She must be in pain, I have never seen as many patches on an animal. So bonny as well. She comes in my conservatory every night. I put a blanket on the Sofa and when. I come down she bombs it out of the cat fkap. The blanket is always filthy!! I hope this cat is a boy tbh, saves it getting pregnant

timtam23 Sun 02-Aug-15 10:35:18

Hi Jo40, it's really kind of you to want to help this cat. Where I am, my vet charges around £30 for a consultation alone & then the cost of any treatment is on top of that. As PP said, you could try PDSA, Blue Cross if you receive benefits I think they can help for free or reduced fees? Maybe speak to your vet & see if they can do anything to help as the cat is stray & poorly. I hope you manage to get somewhere. Please keep us posted also!

francis223 Sun 02-Aug-15 11:17:59

Jo40 I hope you can help your little visitor too! I know my vet offer claims via Blue Cross or similar with treatment for those in receipt of benefits etc.

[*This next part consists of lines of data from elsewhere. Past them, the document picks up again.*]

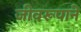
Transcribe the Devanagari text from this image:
जीवरूपाने
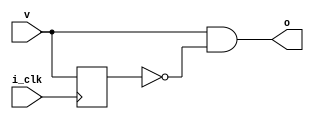
module pdetect1(i_clk, v, o);

input wire i_clk;
input wire v;
output wire o;
reg lastv;

assign o = v & ~lastv;

always @(posedge i_clk)
	lastv = v;

endmodule

I've bought a carrier to take her to the vets this coming week. She's been to see us this morning and I let her have a wander around the rest of the house. She was purring loudly, coming for head rubs and rolling over. Was quite confident in wandering around the house sniffing around.
I will obviously wait until the Vets scan her before getting too attached and feeding her. As this isn't the house she would be settling in, I don't want to confuse her, just wanted to spend some time with her really.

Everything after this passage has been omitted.